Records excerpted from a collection

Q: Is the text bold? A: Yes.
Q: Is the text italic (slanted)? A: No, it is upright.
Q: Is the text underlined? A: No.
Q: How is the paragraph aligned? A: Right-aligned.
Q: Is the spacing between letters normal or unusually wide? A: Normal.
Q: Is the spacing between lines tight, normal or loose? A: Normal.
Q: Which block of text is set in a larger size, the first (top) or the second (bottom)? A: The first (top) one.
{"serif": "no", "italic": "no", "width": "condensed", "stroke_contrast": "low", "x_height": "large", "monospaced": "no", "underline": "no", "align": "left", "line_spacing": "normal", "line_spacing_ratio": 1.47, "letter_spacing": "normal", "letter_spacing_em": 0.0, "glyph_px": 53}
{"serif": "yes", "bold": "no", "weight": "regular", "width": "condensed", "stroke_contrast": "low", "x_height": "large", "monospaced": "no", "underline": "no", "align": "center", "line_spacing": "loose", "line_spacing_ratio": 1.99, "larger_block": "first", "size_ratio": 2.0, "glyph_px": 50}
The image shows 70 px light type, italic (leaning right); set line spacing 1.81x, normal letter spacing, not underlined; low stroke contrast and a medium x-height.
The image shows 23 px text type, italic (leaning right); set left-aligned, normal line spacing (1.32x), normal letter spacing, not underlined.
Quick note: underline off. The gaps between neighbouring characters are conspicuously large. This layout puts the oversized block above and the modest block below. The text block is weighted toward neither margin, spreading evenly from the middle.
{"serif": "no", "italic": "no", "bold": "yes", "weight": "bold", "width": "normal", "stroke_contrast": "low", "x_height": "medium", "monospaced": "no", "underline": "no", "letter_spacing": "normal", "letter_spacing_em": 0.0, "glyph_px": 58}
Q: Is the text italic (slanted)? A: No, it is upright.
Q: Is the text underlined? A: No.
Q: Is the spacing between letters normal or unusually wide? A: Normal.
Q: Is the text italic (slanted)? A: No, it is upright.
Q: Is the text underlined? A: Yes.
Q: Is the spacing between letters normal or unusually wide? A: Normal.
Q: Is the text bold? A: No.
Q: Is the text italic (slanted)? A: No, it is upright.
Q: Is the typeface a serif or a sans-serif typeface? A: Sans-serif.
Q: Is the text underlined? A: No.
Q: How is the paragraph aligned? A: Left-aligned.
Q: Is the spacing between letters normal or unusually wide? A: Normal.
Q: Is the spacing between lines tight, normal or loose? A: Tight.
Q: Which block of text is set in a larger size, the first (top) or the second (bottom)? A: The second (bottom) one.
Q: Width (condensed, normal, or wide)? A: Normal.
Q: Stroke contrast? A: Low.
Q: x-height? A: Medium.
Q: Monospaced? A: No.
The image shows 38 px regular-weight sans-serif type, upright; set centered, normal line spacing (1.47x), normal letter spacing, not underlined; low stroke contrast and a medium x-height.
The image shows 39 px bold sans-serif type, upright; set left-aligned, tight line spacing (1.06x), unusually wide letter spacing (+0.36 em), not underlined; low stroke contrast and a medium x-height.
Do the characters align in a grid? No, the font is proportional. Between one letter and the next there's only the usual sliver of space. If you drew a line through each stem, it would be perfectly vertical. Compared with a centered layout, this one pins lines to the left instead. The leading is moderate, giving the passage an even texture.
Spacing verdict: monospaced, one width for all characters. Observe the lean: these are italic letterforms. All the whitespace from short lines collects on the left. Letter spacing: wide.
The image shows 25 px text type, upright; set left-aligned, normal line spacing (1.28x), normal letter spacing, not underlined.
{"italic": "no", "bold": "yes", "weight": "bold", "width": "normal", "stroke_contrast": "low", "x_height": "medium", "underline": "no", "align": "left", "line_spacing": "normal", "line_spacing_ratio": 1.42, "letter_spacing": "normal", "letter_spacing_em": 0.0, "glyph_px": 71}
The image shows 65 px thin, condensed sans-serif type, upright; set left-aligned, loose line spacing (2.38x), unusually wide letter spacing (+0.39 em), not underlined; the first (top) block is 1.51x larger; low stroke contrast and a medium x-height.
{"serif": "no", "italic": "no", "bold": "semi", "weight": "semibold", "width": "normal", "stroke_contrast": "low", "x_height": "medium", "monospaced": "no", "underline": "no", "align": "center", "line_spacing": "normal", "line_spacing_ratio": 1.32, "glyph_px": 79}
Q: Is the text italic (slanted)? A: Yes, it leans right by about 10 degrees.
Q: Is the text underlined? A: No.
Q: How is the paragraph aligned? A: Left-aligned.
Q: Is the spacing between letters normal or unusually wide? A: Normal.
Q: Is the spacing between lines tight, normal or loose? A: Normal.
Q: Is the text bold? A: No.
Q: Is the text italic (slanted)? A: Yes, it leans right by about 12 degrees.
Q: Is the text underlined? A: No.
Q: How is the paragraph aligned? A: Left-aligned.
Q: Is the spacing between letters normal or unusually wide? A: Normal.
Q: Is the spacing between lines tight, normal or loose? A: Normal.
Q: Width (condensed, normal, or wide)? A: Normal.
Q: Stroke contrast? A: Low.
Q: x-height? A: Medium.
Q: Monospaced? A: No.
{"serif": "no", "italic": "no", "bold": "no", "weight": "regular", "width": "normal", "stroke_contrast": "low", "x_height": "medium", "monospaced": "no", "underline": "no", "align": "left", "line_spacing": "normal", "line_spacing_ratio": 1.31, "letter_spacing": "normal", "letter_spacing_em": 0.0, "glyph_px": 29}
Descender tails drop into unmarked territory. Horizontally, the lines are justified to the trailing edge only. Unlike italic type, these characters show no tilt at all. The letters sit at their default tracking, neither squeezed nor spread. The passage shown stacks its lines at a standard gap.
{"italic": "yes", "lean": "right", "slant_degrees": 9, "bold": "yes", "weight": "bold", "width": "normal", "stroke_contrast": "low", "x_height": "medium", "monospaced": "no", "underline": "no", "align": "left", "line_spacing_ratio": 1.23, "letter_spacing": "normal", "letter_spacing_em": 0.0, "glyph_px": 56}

**TRY IT**:
Would you report every line of the entries above containing the word "shows"?

**RESULT BELOW**:
The image shows 70 px light type, italic (leaning right); set line spacing 1.81x, normal letter spacing, not underlined; low stroke contrast and a medium x-height.
The image shows 23 px text type, italic (leaning right); set left-aligned, normal line spacing (1.32x), normal letter spacing, not underlined.
The image shows 38 px regular-weight sans-serif type, upright; set centered, normal line spacing (1.47x), normal letter spacing, not underlined; low stroke contrast and a medium x-height.
The image shows 39 px bold sans-serif type, upright; set left-aligned, tight line spacing (1.06x), unusually wide letter spacing (+0.36 em), not underlined; low stroke contrast and a medium x-height.
The image shows 25 px text type, upright; set left-aligned, normal line spacing (1.28x), normal letter spacing, not underlined.
The image shows 65 px thin, condensed sans-serif type, upright; set left-aligned, loose line spacing (2.38x), unusually wide letter spacing (+0.39 em), not underlined; the first (top) block is 1.51x larger; low stroke contrast and a medium x-height.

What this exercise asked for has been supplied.